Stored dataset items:
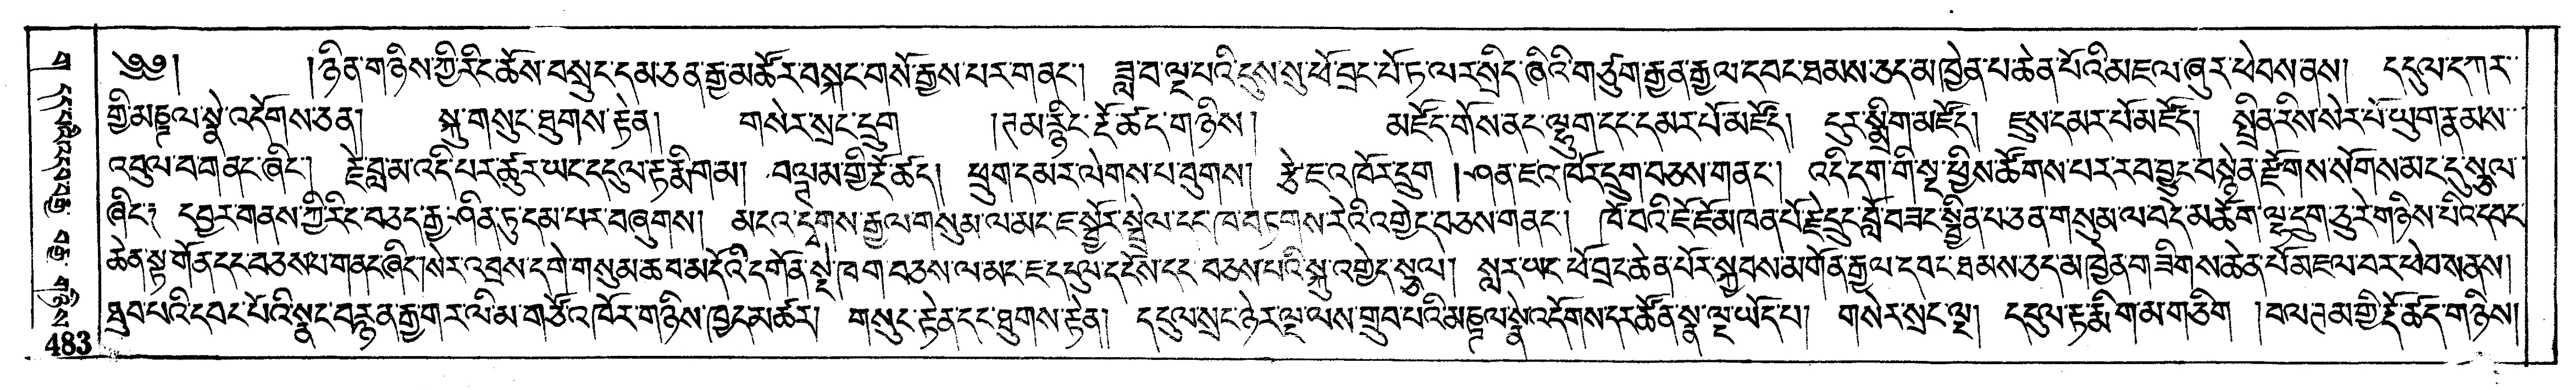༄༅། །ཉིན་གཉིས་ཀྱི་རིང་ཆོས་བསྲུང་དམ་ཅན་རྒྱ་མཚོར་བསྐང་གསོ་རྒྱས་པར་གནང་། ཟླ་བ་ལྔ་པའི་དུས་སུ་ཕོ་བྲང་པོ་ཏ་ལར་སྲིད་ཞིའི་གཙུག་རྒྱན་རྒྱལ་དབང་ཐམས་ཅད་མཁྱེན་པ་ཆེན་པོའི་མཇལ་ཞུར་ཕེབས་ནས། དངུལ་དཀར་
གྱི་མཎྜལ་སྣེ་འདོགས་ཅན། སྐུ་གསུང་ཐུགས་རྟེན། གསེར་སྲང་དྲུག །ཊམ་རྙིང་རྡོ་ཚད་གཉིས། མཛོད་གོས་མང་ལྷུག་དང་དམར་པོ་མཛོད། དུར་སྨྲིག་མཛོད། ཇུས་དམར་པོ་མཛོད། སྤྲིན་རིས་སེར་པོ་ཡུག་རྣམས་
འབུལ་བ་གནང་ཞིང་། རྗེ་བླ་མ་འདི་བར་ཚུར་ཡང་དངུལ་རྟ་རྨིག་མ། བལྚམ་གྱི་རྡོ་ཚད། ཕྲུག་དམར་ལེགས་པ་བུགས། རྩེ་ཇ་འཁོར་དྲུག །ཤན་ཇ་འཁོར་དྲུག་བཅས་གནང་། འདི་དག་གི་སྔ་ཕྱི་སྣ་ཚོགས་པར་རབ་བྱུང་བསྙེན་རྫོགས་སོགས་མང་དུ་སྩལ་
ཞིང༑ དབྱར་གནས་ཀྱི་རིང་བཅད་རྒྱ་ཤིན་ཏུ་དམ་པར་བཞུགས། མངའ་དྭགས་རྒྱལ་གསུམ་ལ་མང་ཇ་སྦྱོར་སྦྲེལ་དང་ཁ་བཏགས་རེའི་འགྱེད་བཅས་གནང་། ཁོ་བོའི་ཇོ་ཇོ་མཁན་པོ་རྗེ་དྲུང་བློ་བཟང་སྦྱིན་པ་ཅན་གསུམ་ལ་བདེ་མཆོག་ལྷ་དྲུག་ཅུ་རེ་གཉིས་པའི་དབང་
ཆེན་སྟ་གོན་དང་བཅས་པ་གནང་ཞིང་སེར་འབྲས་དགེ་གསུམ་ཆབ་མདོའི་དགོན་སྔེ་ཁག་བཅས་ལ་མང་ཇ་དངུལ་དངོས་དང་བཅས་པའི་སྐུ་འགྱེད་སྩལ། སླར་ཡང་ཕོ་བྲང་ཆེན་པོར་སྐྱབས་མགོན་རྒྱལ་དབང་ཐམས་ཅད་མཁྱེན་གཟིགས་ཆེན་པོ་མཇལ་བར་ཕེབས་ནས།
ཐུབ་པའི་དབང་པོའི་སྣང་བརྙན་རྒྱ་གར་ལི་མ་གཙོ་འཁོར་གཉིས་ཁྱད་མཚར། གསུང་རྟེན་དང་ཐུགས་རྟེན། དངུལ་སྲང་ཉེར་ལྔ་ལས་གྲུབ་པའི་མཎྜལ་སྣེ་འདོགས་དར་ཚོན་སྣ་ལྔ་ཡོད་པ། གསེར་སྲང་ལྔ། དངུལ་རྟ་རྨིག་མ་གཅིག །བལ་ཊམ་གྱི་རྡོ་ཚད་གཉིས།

§ Action item
From the line containing "ཆེན་སྟ་གོན་དང་" down to the last line of the data, transcribe every line exactly; nothing else should appear.

§ Response to this task
ཆེན་སྟ་གོན་དང་བཅས་པ་གནང་ཞིང་སེར་འབྲས་དགེ་གསུམ་ཆབ་མདོའི་དགོན་སྔེ་ཁག་བཅས་ལ་མང་ཇ་དངུལ་དངོས་དང་བཅས་པའི་སྐུ་འགྱེད་སྩལ། སླར་ཡང་ཕོ་བྲང་ཆེན་པོར་སྐྱབས་མགོན་རྒྱལ་དབང་ཐམས་ཅད་མཁྱེན་གཟིགས་ཆེན་པོ་མཇལ་བར་ཕེབས་ནས།
ཐུབ་པའི་དབང་པོའི་སྣང་བརྙན་རྒྱ་གར་ལི་མ་གཙོ་འཁོར་གཉིས་ཁྱད་མཚར། གསུང་རྟེན་དང་ཐུགས་རྟེན། དངུལ་སྲང་ཉེར་ལྔ་ལས་གྲུབ་པའི་མཎྜལ་སྣེ་འདོགས་དར་ཚོན་སྣ་ལྔ་ཡོད་པ། གསེར་སྲང་ལྔ། དངུལ་རྟ་རྨིག་མ་གཅིག །བལ་ཊམ་གྱི་རྡོ་ཚད་གཉིས།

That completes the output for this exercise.